WHAT TO DO |
Search the entries below for the word "version", then copy each line in which it is found.
PROVIDED RECORDS Start Marker
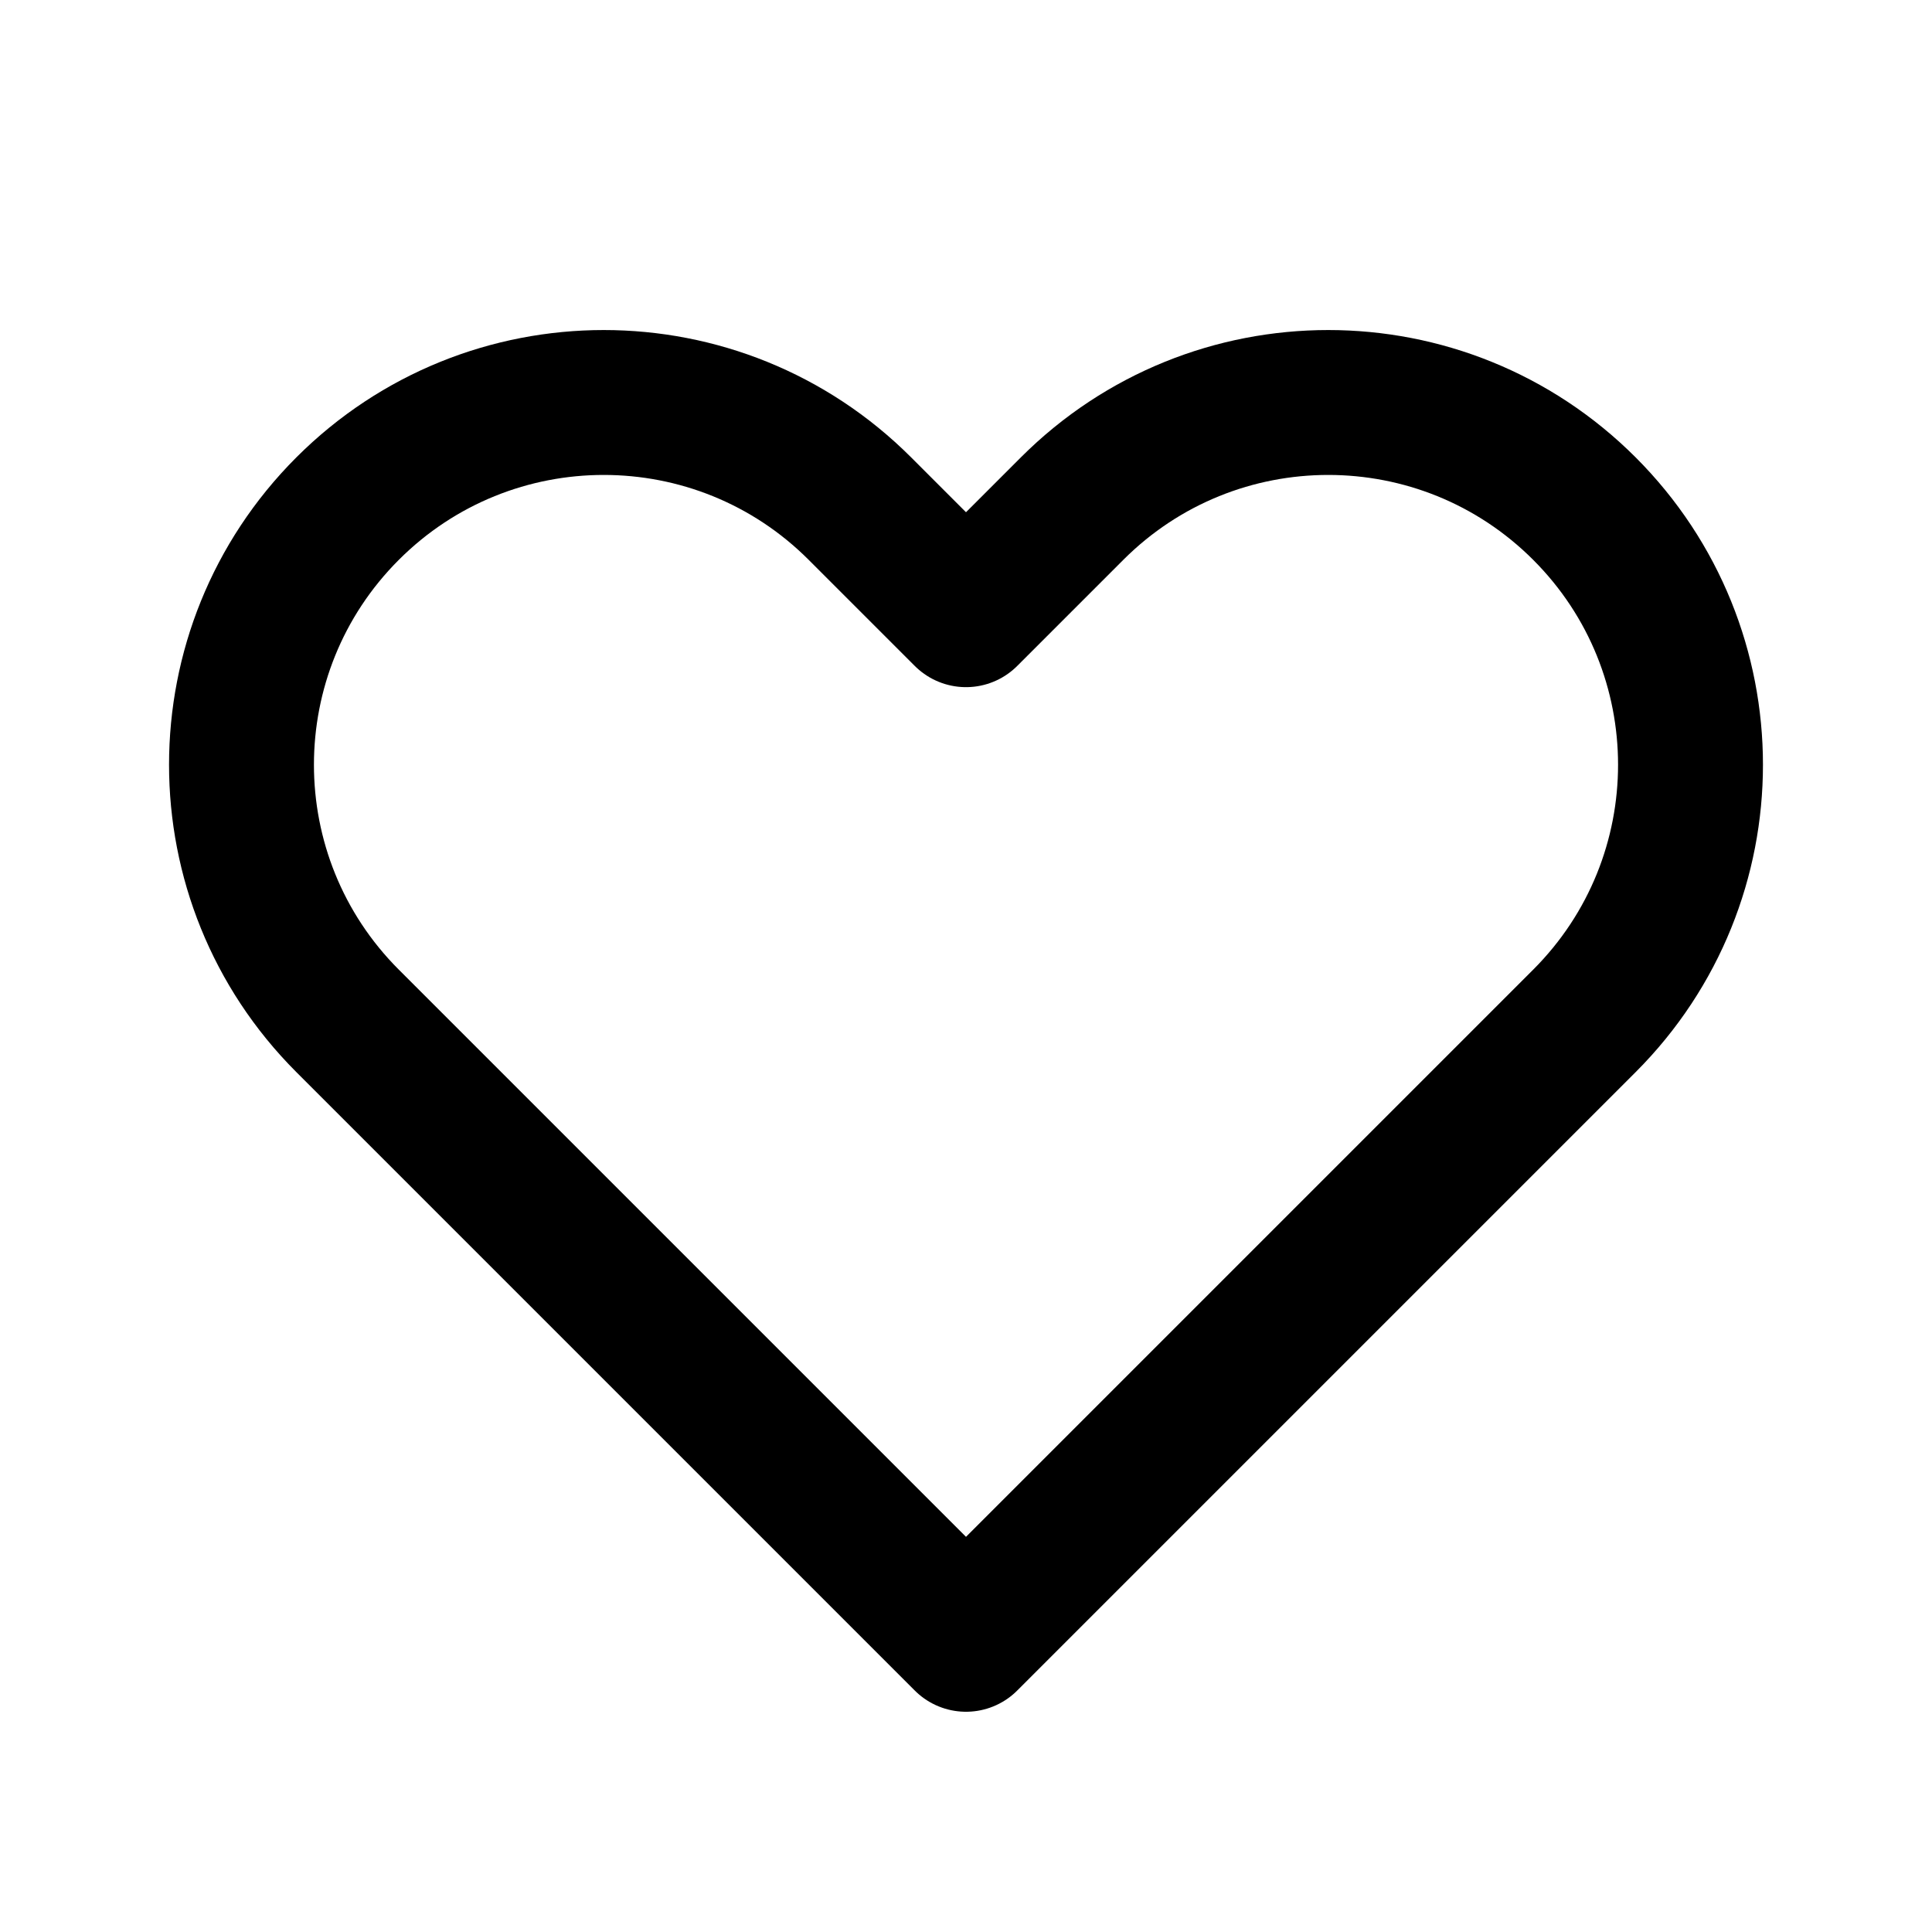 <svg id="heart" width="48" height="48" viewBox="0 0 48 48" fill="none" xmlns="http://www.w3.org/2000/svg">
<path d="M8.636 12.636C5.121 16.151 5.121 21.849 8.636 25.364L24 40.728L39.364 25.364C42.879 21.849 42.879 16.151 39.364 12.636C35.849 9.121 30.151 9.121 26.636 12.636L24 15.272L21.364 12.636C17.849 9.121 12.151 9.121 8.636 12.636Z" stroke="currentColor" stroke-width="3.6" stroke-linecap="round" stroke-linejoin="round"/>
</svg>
PROVIDED RECORDS End Marker
PROVIDED RECORDS Start Marker
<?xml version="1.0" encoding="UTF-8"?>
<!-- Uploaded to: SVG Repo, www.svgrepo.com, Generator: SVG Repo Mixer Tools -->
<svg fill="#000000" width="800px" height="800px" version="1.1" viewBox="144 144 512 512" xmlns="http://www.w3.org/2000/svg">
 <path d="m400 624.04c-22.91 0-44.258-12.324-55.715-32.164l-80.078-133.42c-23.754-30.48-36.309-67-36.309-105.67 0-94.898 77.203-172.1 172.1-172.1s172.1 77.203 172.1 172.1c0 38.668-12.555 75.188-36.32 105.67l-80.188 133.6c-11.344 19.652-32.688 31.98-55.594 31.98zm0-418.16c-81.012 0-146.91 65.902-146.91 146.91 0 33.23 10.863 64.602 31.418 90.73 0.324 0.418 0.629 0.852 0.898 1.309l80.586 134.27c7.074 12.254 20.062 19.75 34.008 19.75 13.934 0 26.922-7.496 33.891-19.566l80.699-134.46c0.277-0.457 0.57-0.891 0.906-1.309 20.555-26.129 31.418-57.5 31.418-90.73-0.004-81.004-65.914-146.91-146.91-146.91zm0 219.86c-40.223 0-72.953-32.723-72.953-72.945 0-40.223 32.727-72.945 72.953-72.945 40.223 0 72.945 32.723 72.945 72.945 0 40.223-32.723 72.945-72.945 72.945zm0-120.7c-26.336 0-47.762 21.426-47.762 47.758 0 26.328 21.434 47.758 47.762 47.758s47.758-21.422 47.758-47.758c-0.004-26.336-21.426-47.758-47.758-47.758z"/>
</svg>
PROVIDED RECORDS End Marker
PROVIDED RECORDS Start Marker
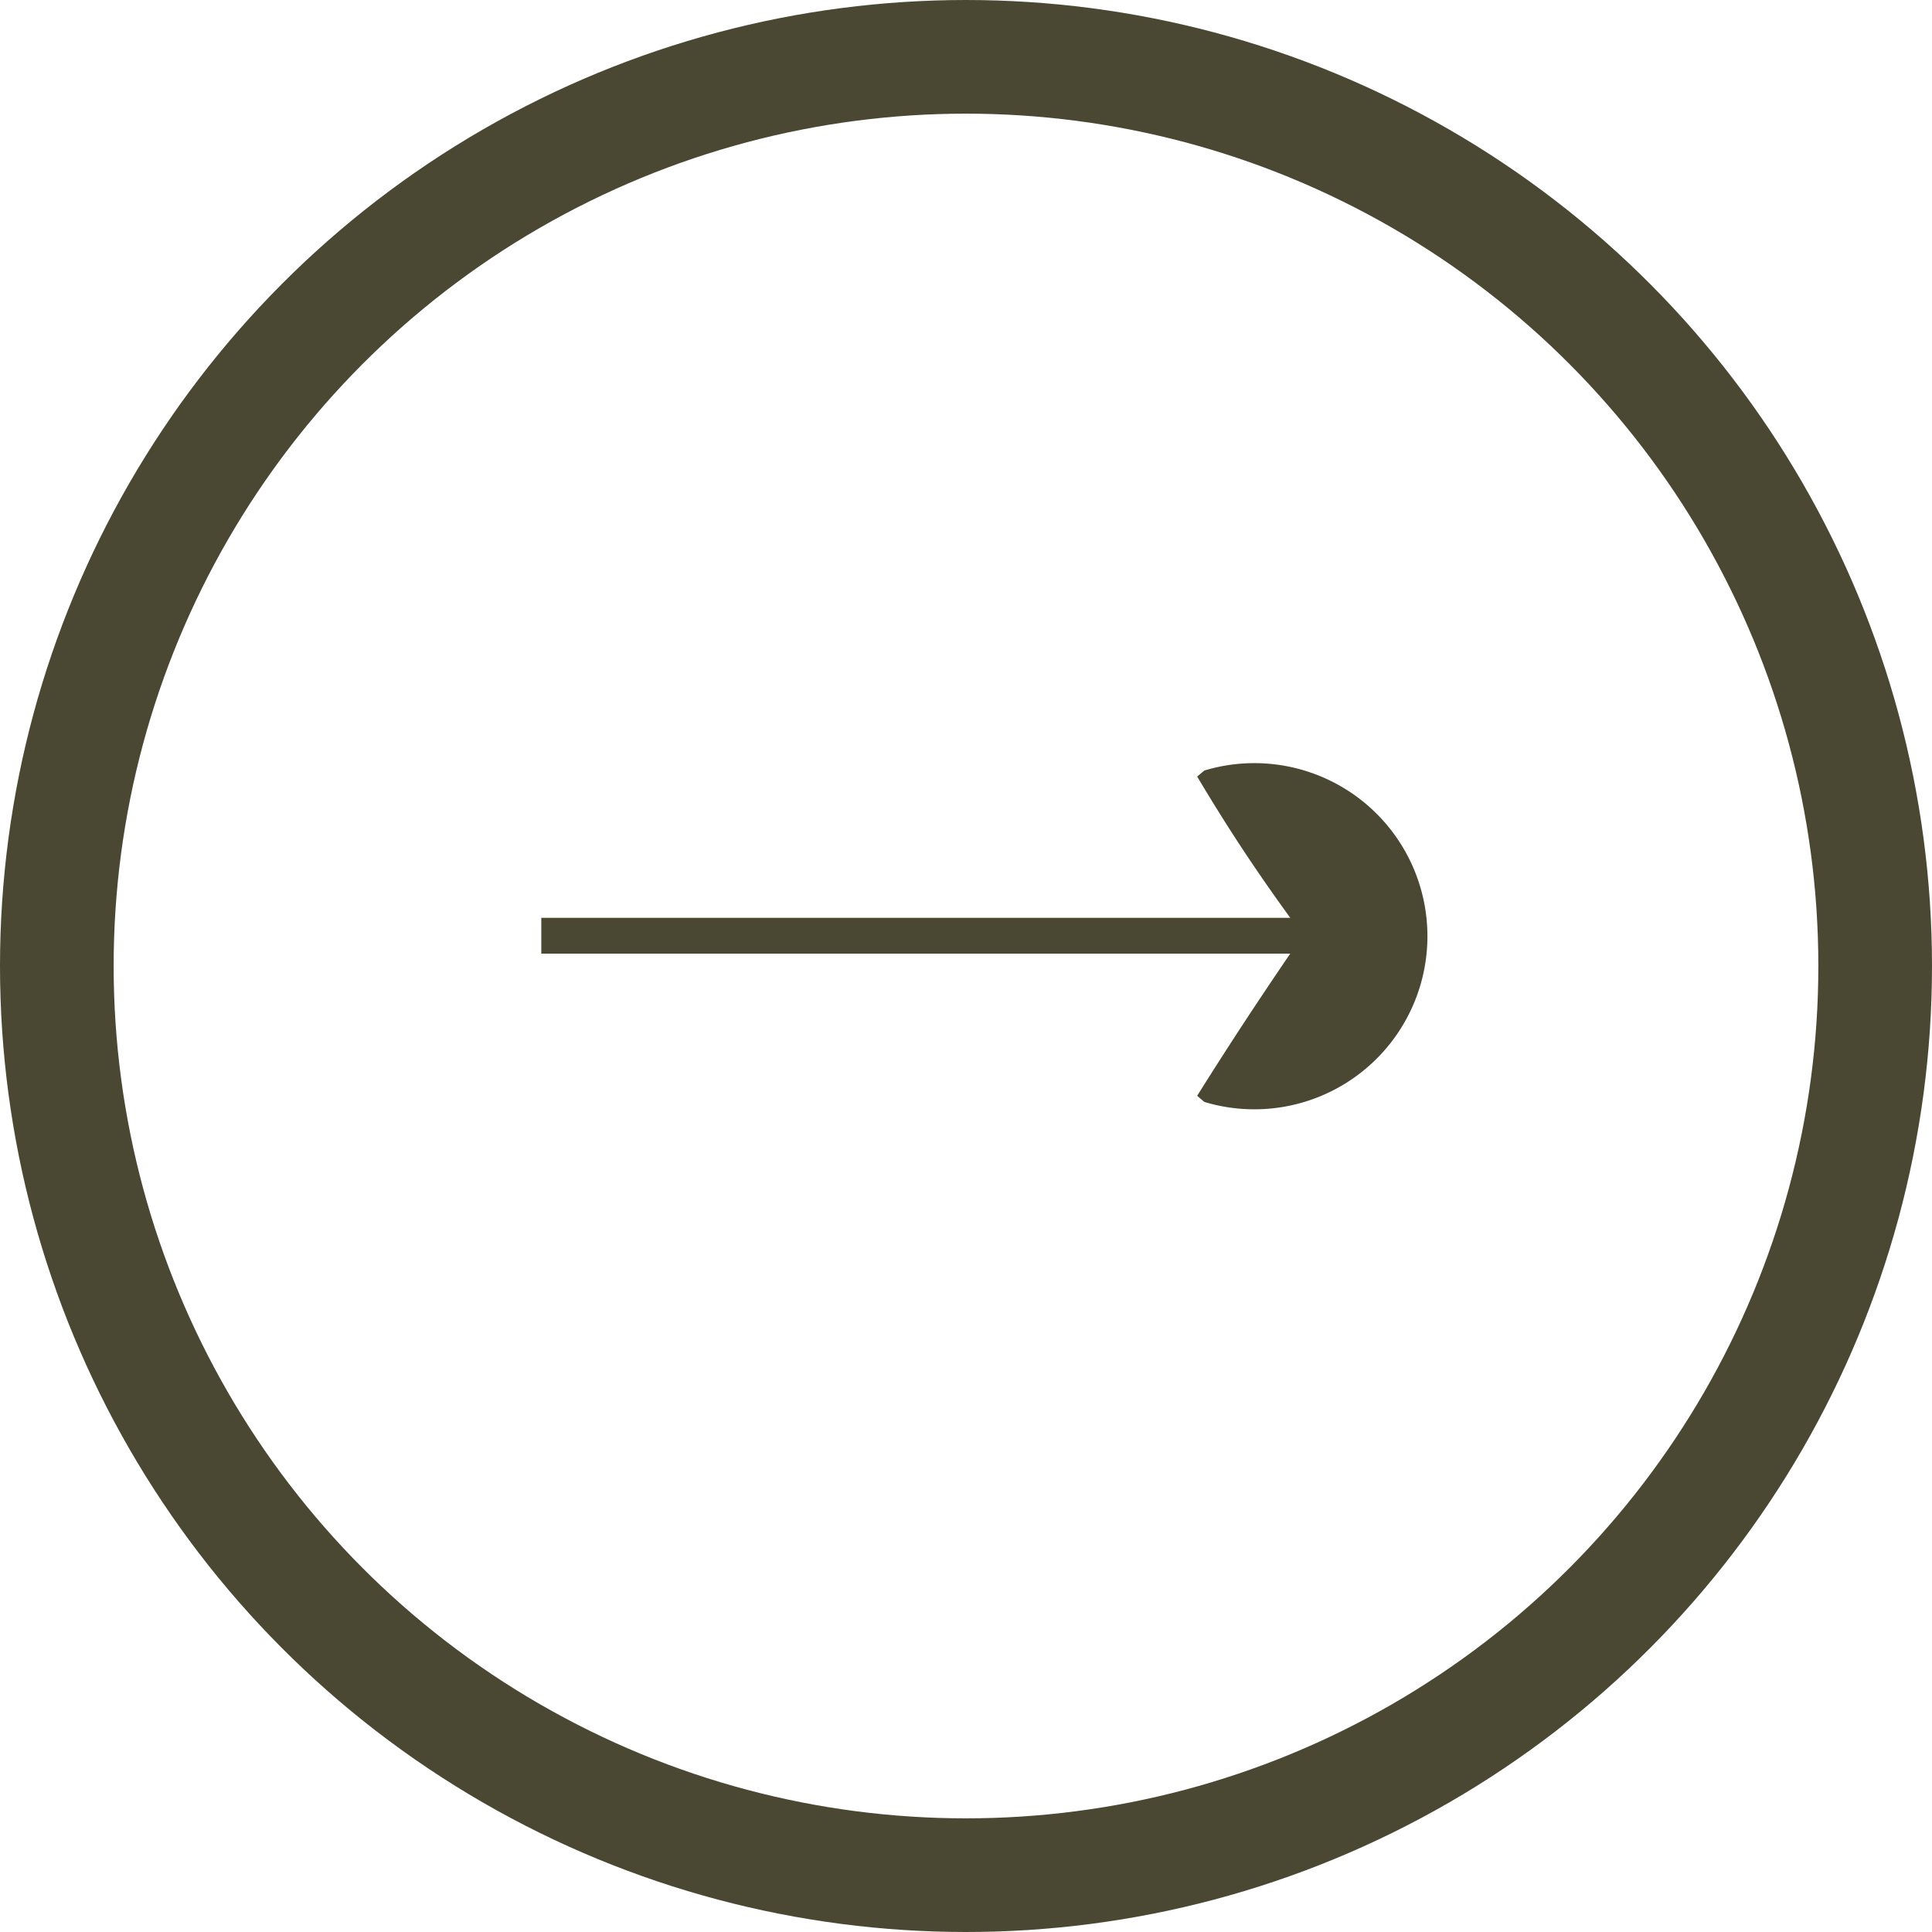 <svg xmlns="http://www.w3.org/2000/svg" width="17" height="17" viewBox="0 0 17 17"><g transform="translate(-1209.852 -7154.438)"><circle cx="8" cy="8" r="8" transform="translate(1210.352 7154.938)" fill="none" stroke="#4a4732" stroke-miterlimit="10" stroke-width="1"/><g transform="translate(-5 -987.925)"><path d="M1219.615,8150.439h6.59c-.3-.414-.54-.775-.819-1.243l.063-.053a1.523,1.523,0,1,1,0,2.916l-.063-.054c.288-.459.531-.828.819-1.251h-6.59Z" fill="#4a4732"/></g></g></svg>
PROVIDED RECORDS End Marker
ANSWER TO THE PROBLEM |
<?xml version="1.0" encoding="UTF-8"?>
<svg fill="#000000" width="800px" height="800px" version="1.1" viewBox="144 144 512 512" xmlns="http://www.w3.org/2000/svg">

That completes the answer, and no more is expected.